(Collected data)

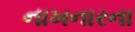
નાખનારના
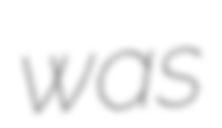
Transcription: was
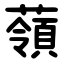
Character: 䕘
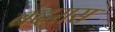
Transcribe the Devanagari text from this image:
बंदरास
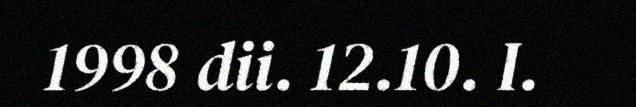
1998 dii. 12.10. I.
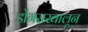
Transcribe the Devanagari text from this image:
डोंगराखालून
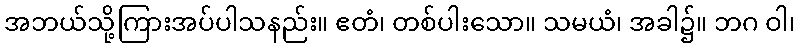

**Directions for this task**
Each line from the line containing "Transcription: was" through the last line above must be written out exactly, and every picture must be omitted.

**Output for this task**
Transcription: was
Character: 䕘
Transcribe the Devanagari text from this image:
बंदरास
1998 dii. 12.10. I.
Transcribe the Devanagari text from this image:
डोंगराखालून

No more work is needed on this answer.